## REQUIRED WORK
Your job is to return the whole listing unchanged while skipping its images.

## DATA LISTING
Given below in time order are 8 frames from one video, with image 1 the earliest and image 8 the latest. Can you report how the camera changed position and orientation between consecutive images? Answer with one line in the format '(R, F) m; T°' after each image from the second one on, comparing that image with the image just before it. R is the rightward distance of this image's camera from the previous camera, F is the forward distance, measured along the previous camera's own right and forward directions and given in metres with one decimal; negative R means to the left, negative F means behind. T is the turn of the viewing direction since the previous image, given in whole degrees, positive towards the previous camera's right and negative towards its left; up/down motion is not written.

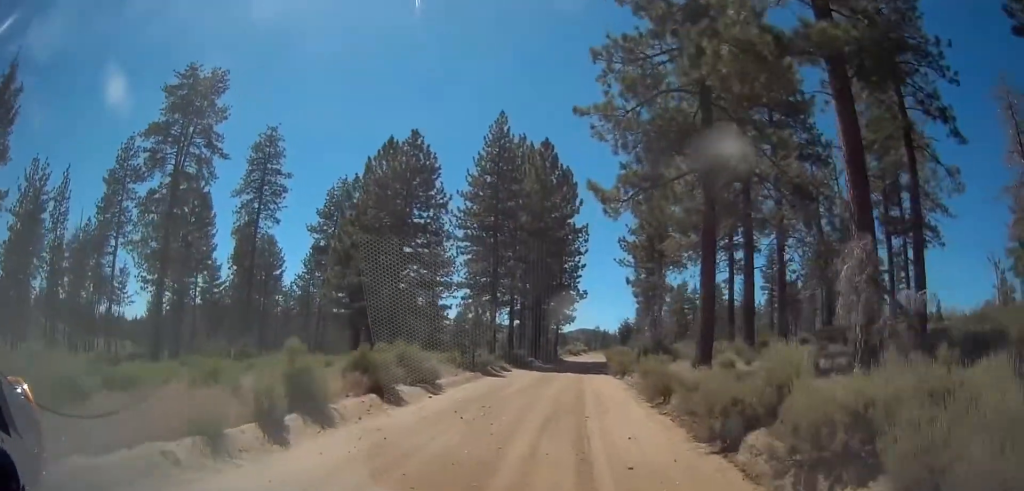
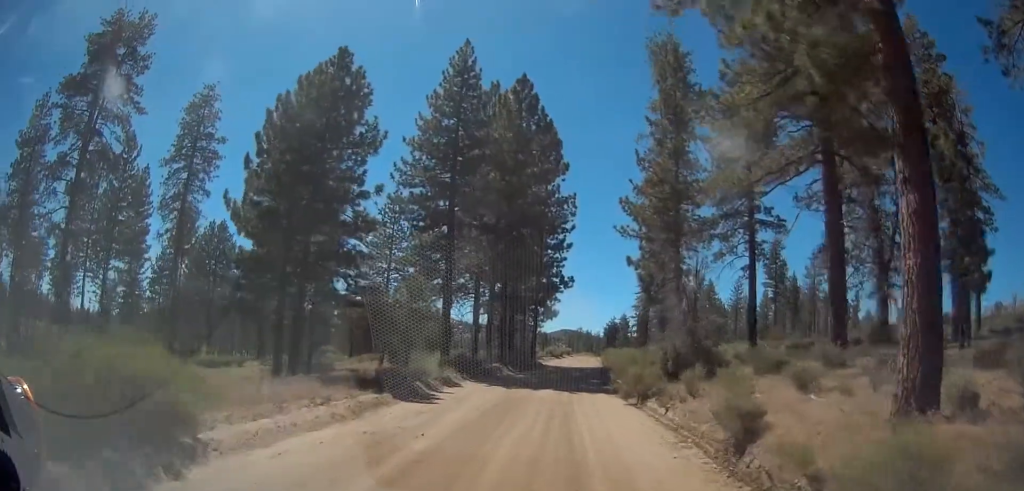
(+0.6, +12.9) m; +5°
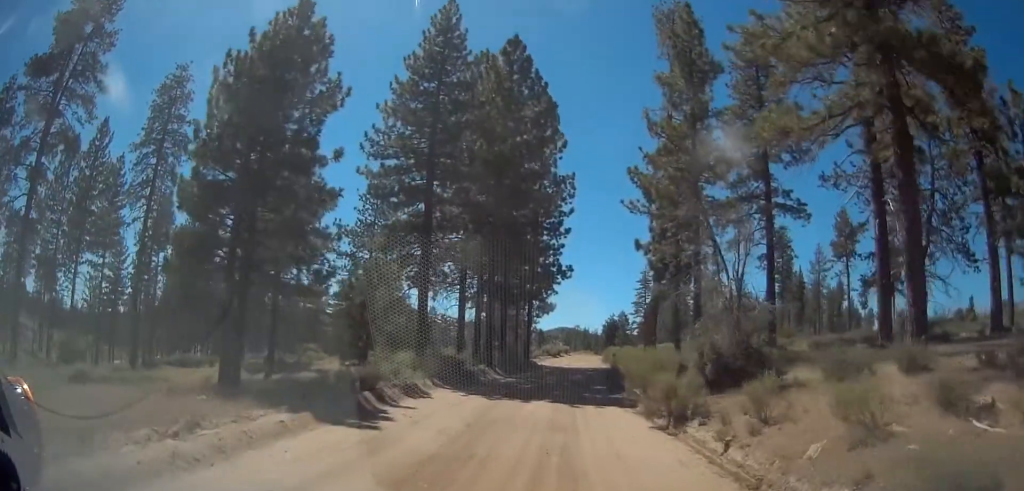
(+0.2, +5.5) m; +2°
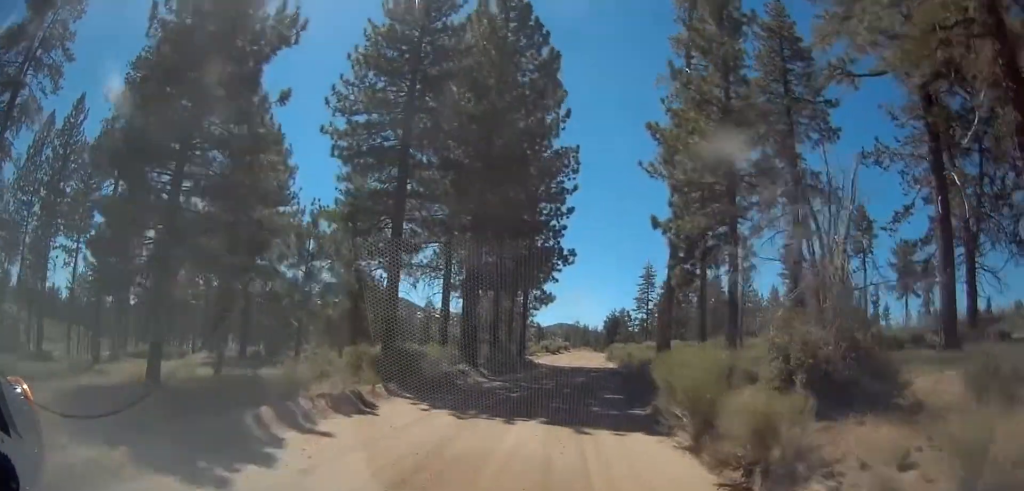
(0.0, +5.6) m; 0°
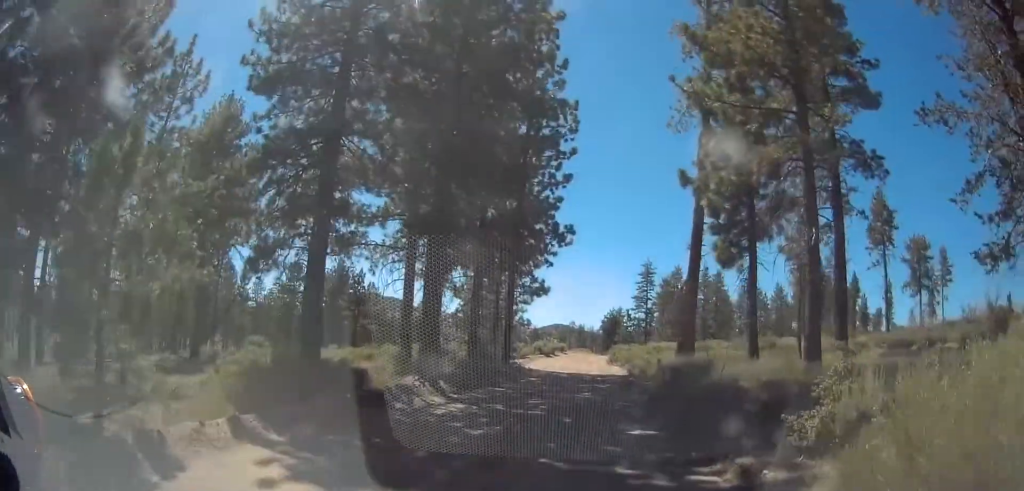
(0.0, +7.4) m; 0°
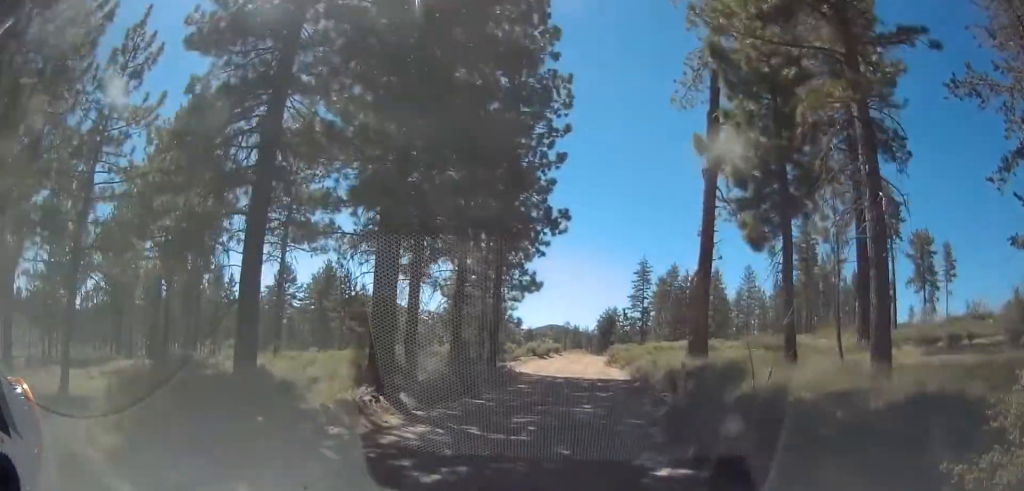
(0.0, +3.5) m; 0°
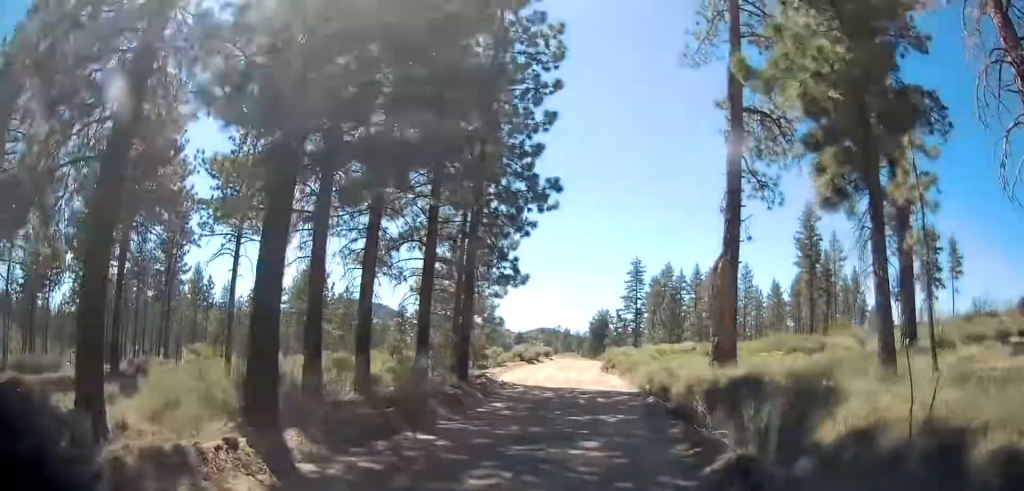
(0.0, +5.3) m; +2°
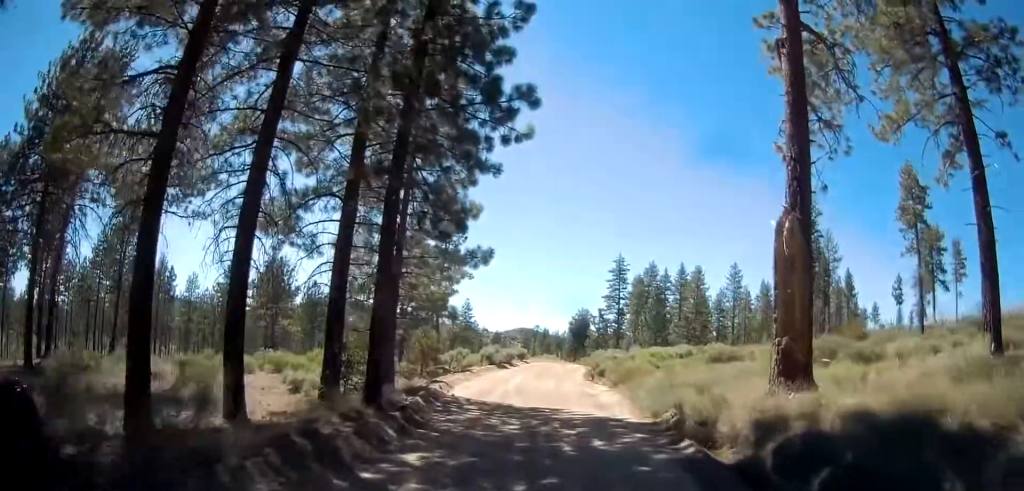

## EXERCISE SOLUTION
Given below in time order are 8 frames from one video, with image 1 the earliest and image 8 the latest. Can you report how the camera changed position and orientation between consecutive images? Answer with one line in the format '(R, F) m; T°' after each image from the second one on, comparing that image with the image just before it. R is the rightward distance of this image's camera from the previous camera, F is the forward distance, measured along the previous camera's own right and forward directions and given in metres with one decimal; negative R means to the left, negative F means behind. T is the turn of the viewing direction since the previous image, given in whole degrees, positive towards the previous camera's right and negative towards its left; up/down motion is not written.

(+0.6, +12.9) m; +5°
(+0.2, +5.5) m; +2°
(0.0, +5.6) m; 0°
(0.0, +7.4) m; 0°
(0.0, +3.5) m; 0°
(0.0, +5.3) m; +2°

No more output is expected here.